I don’t think that it’s related to the kernel update. Have you performed the LXC update too?
Looks related to this change conf: verify that rootfs is stable after setting up mounts by brauner · Pull Request #4003 · lxc/lxc · GitHub

You have:

lxc.mount.entry=/dev/sda4 . btrfs subvol=vm/test2 0 0

in your container configuration and this is prohibited after that change.
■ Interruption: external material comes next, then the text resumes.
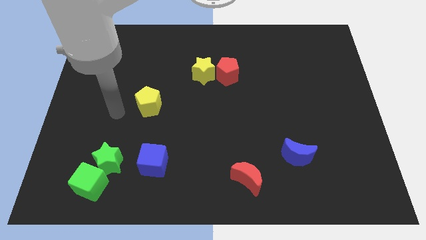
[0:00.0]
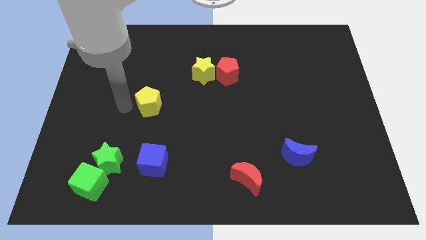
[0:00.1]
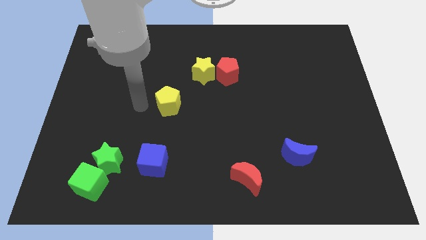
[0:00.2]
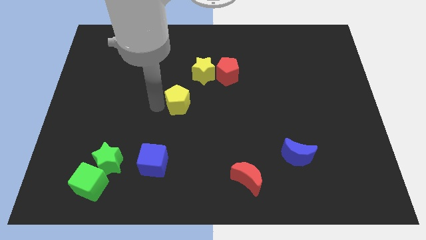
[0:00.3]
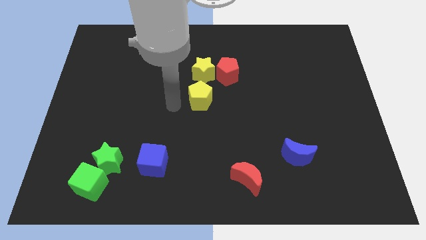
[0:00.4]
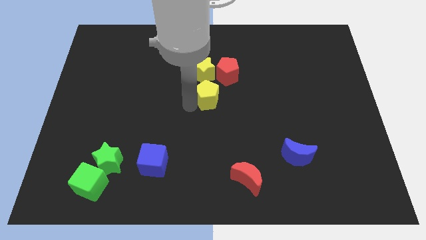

I can suggest you to bind-mount your /dev/sda4 to some other place in the container (not /) to make it work.

einfair · December 8, 2022, 9:10pm

Yes, I updated the lxc too (from ~4.0.0). Will it help to mount vm/test2 volume with root filesystem into /var/lib/lxc/test2/rootfs before starting container (and remove that mount from config)? In this case it will not change during container start. Just checked, yes, seems that it helps.